*** SOURCE MATERIAL ***

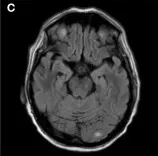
Shoot from brain MRI of May 8 in (C) Shows occipital lesion in T2-FLAIR acquisition.
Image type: radiology (mri)
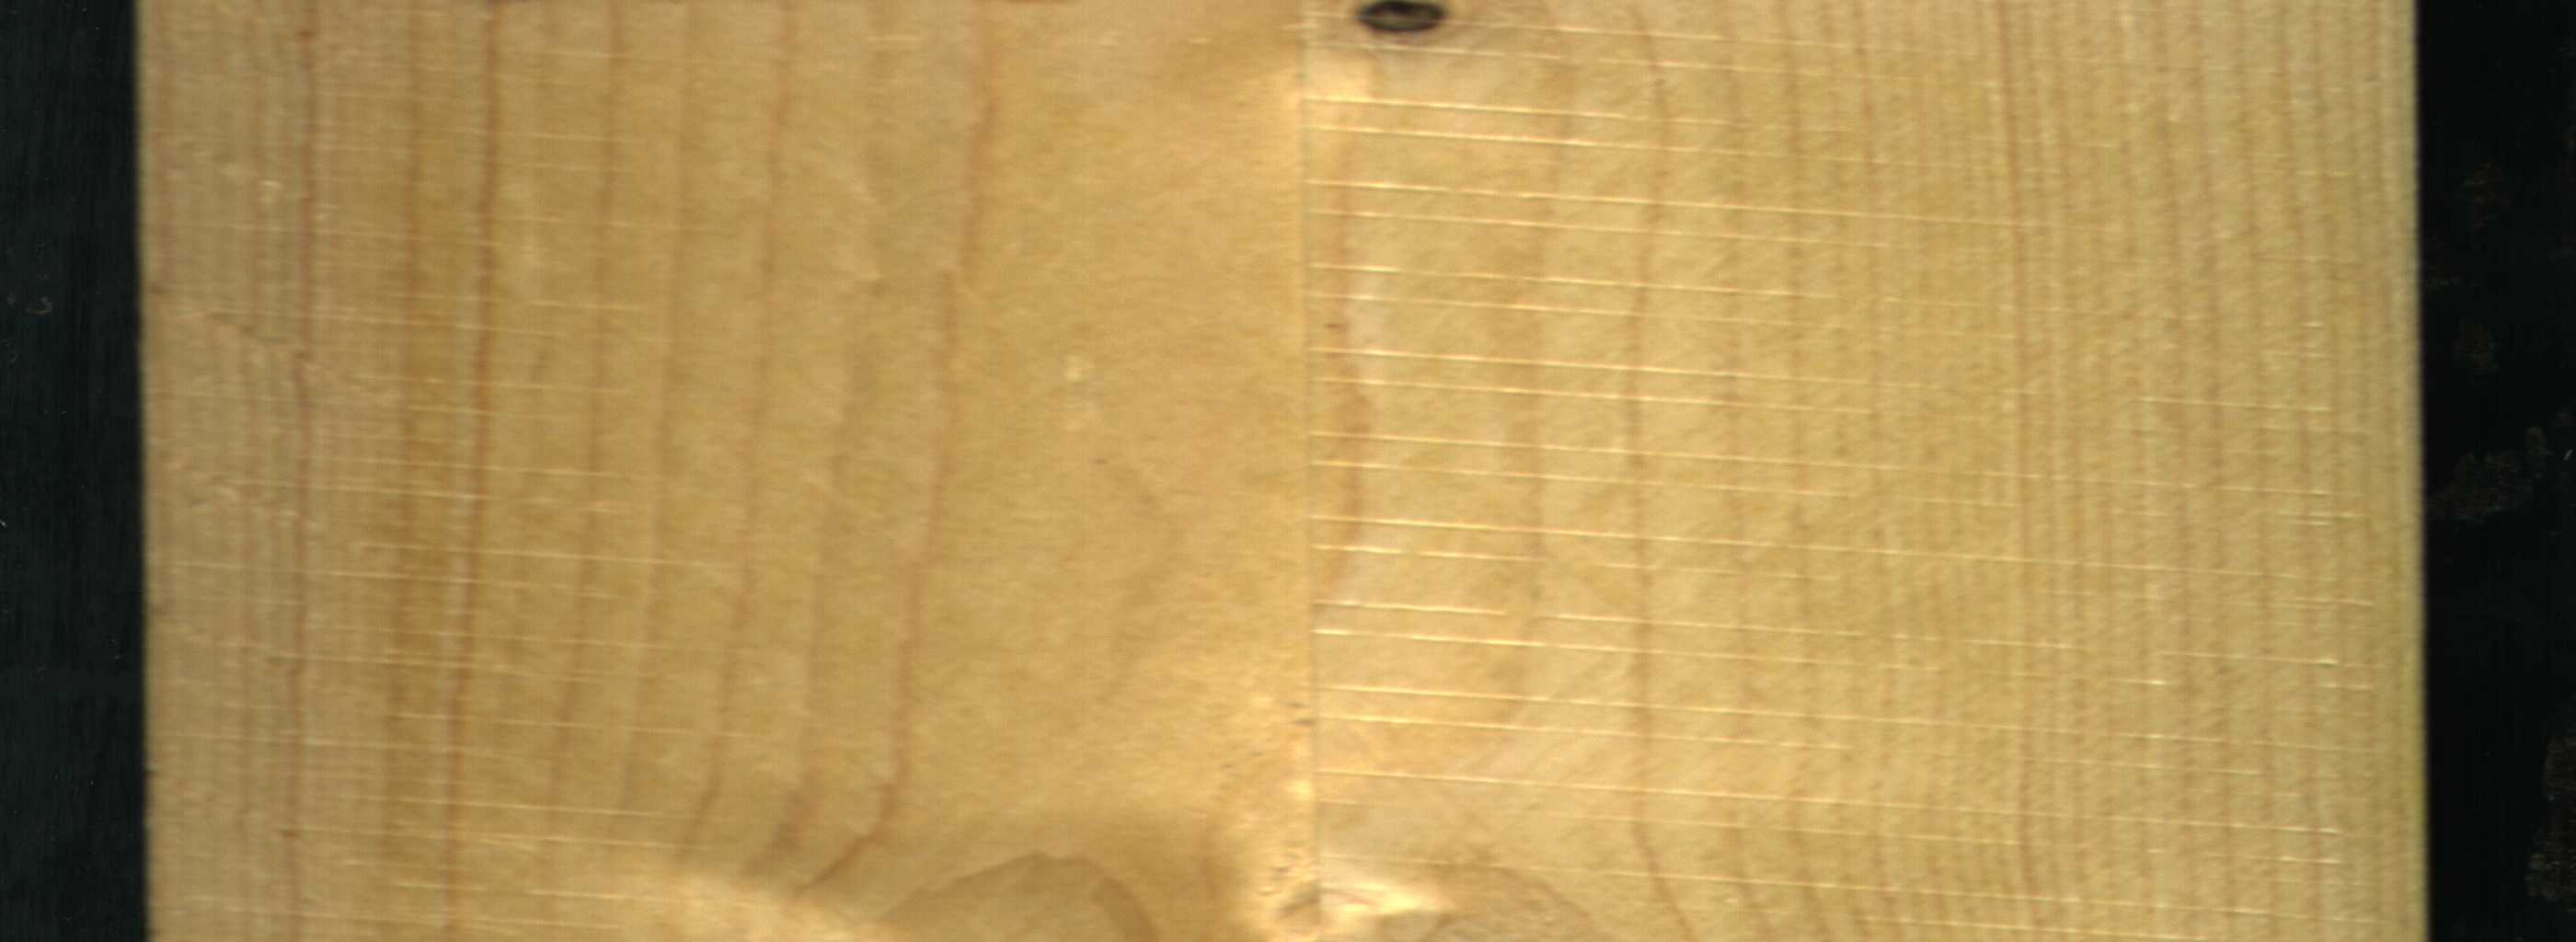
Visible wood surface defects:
Dead_Knot
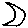
Label: moon
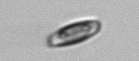
Label: pennate
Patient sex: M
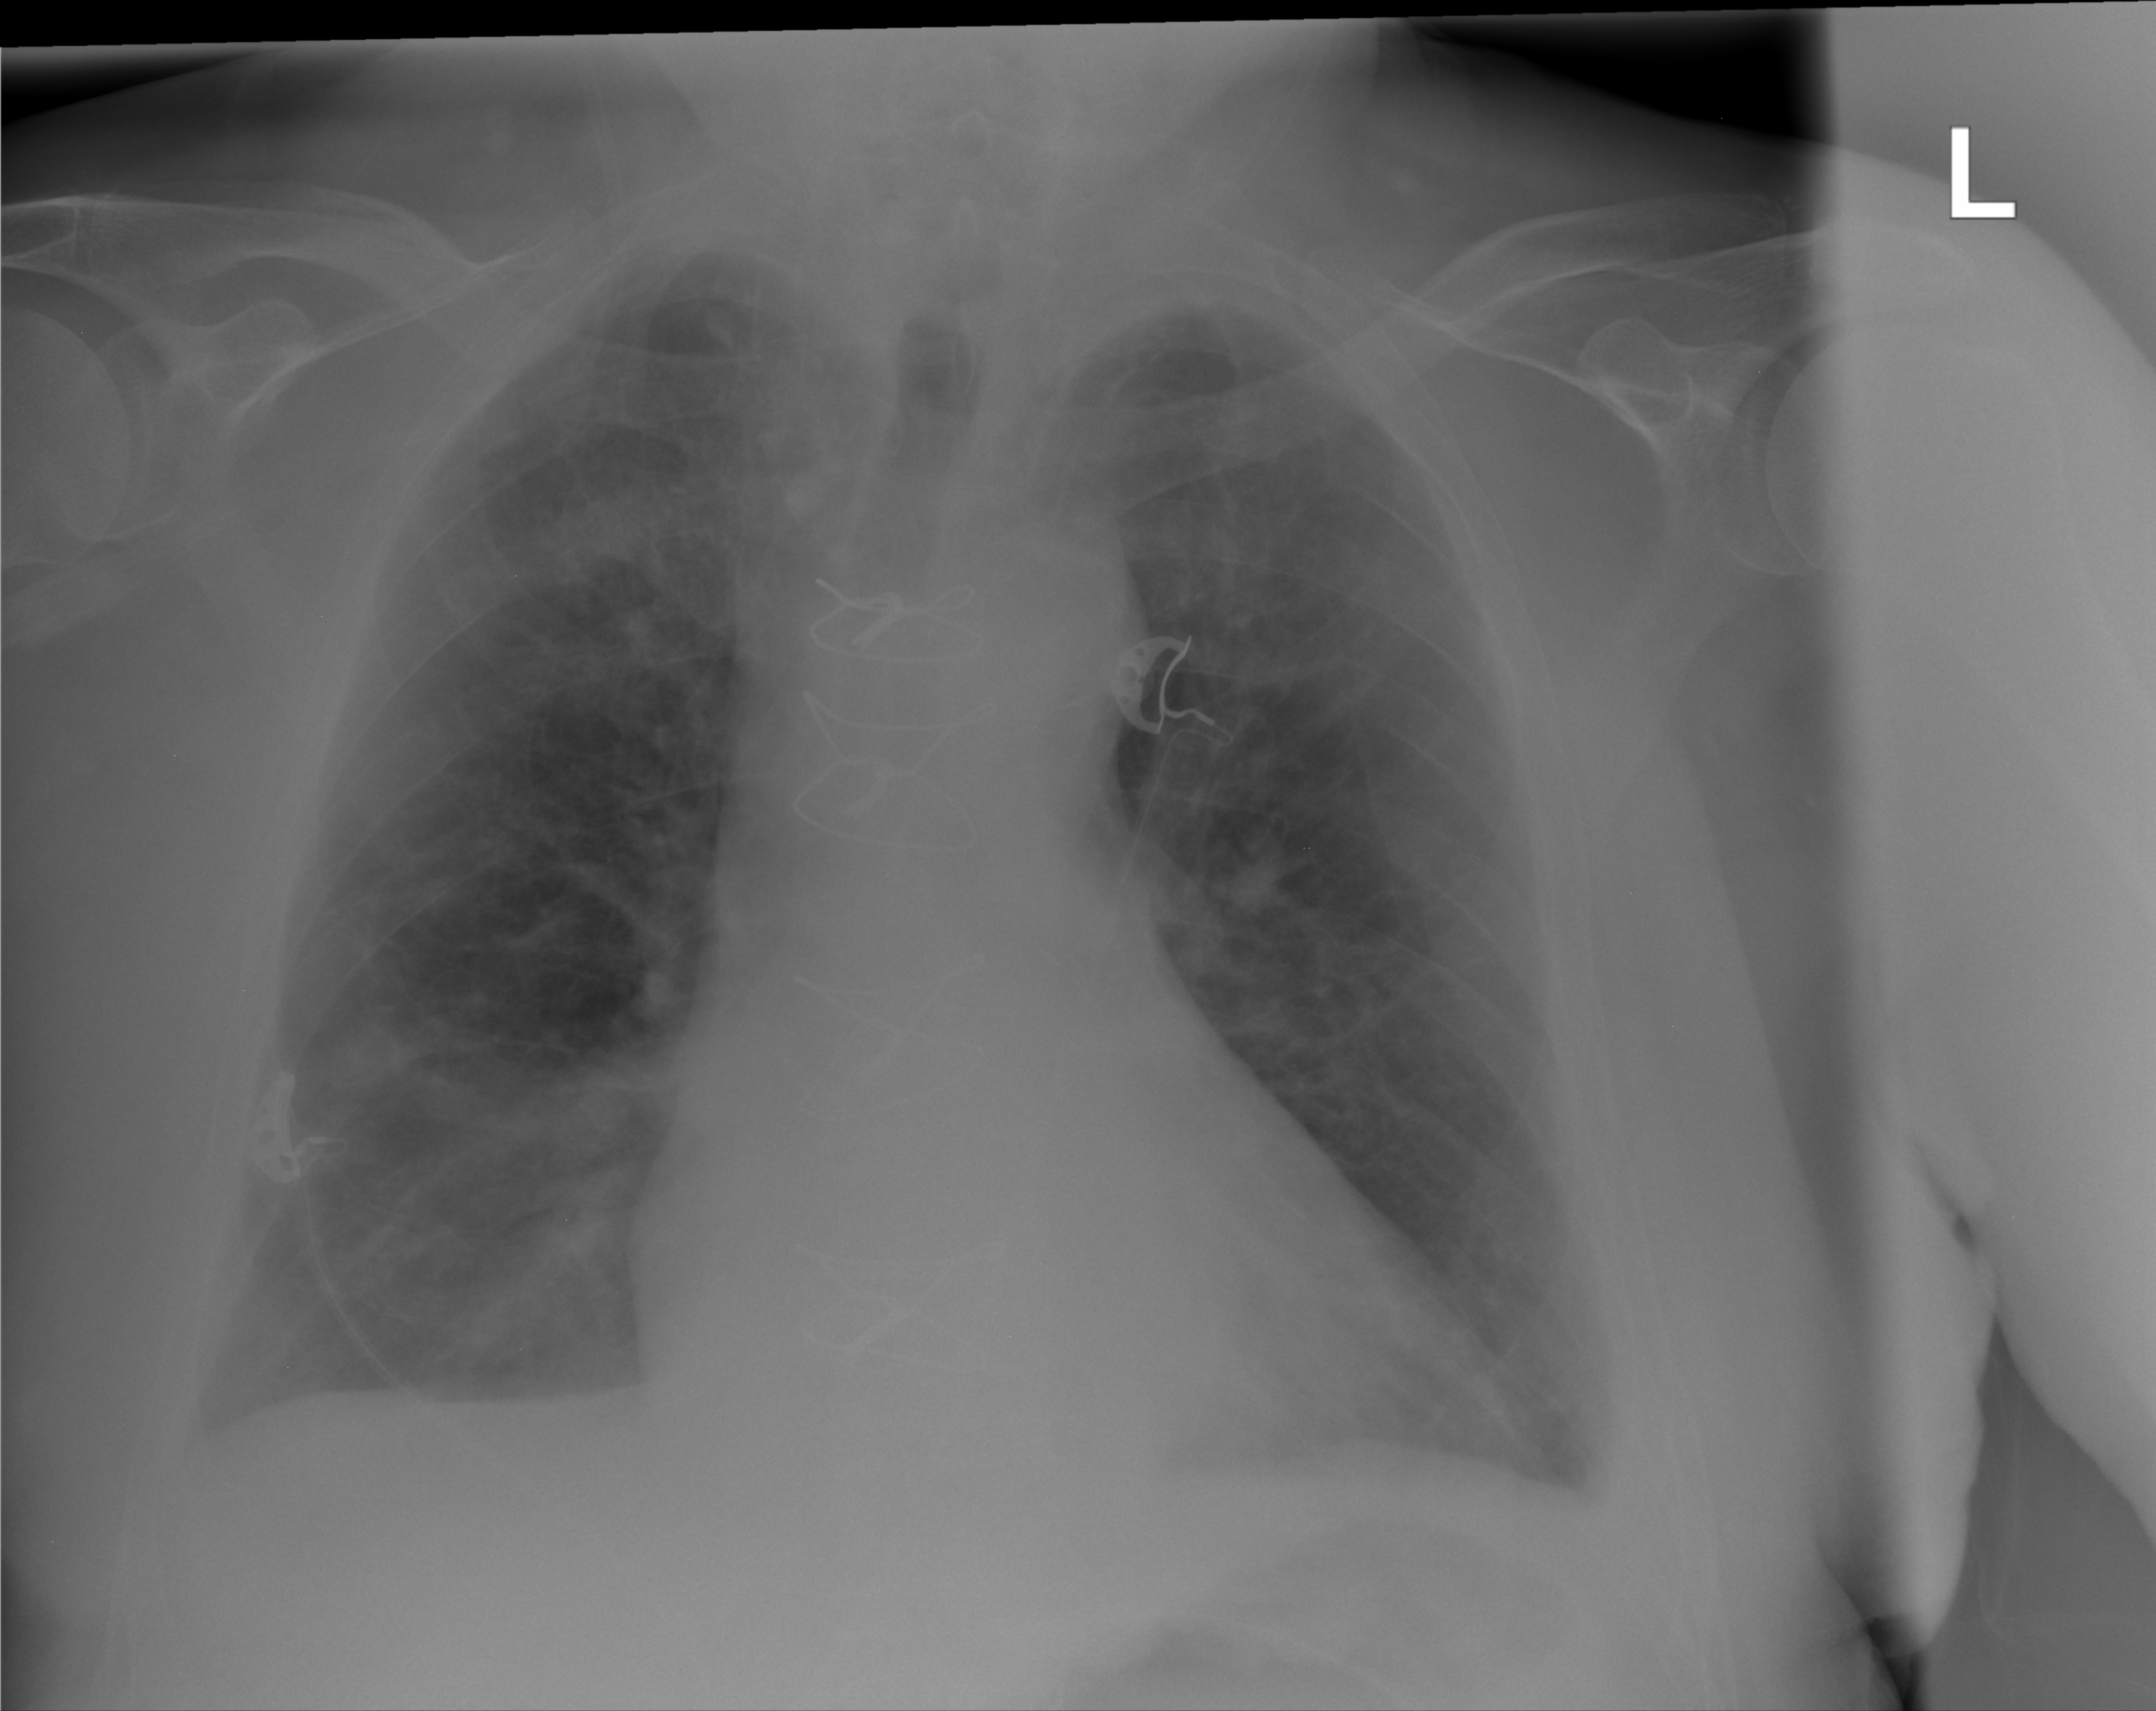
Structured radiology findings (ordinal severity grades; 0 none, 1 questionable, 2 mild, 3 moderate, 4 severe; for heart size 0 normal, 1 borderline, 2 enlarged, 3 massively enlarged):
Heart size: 0
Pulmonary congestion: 1
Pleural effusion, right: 2
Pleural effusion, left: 2
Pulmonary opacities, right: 2
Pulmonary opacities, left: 0
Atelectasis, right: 2
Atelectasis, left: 0
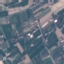
Land use / land cover: PermanentCrop
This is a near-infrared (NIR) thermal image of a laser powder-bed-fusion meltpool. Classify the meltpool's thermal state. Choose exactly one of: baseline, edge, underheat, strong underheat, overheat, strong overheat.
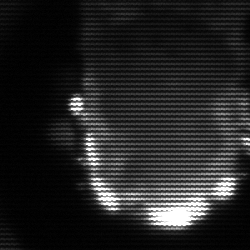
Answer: baseline
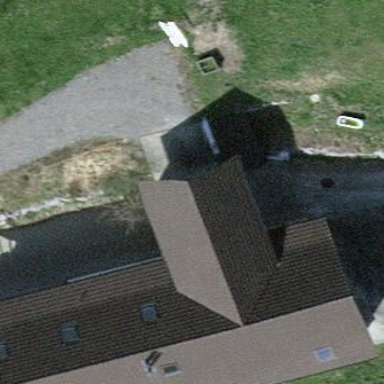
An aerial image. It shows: View of roof of building.
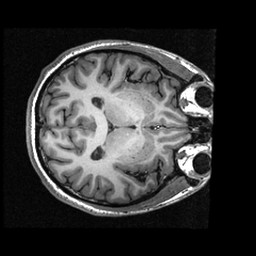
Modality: T1w
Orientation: axial
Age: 21
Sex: male
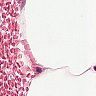
Metastatic tissue present: no
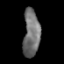
Tissue: prostate
Cell type: T cells
Senescence score: 0.2705
Nuclear area (px): 768
Mean DAPI intensity: 111.878
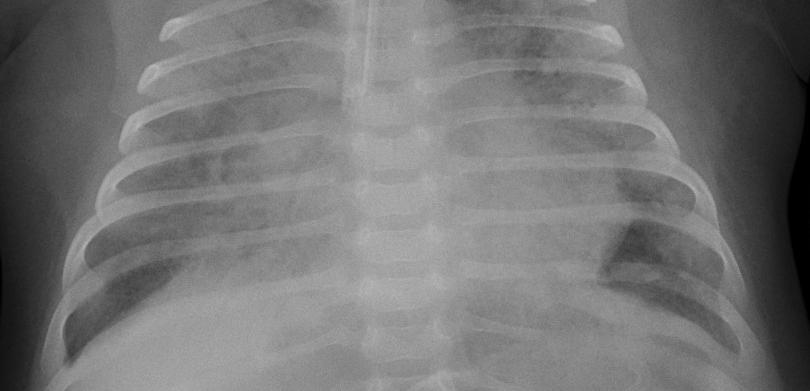
Diagnosis: PNEUMONIA
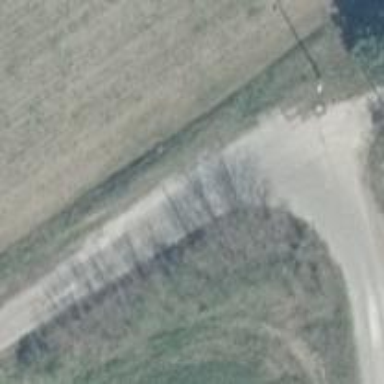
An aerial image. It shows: Unclassified road with concrete lanes.
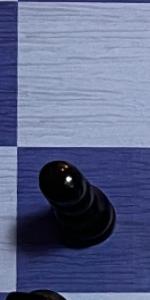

*** End of SOURCE MATERIAL ***

▶ [PROBLEM] Starting from the data above, filter for lines with "size" and copy each one.

▶ [SOLVED PROBLEM]
Structured radiology findings (ordinal severity grades; 0 none, 1 questionable, 2 mild, 3 moderate, 4 severe; for heart size 0 normal, 1 borderline, 2 enlarged, 3 massively enlarged):
Heart size: 0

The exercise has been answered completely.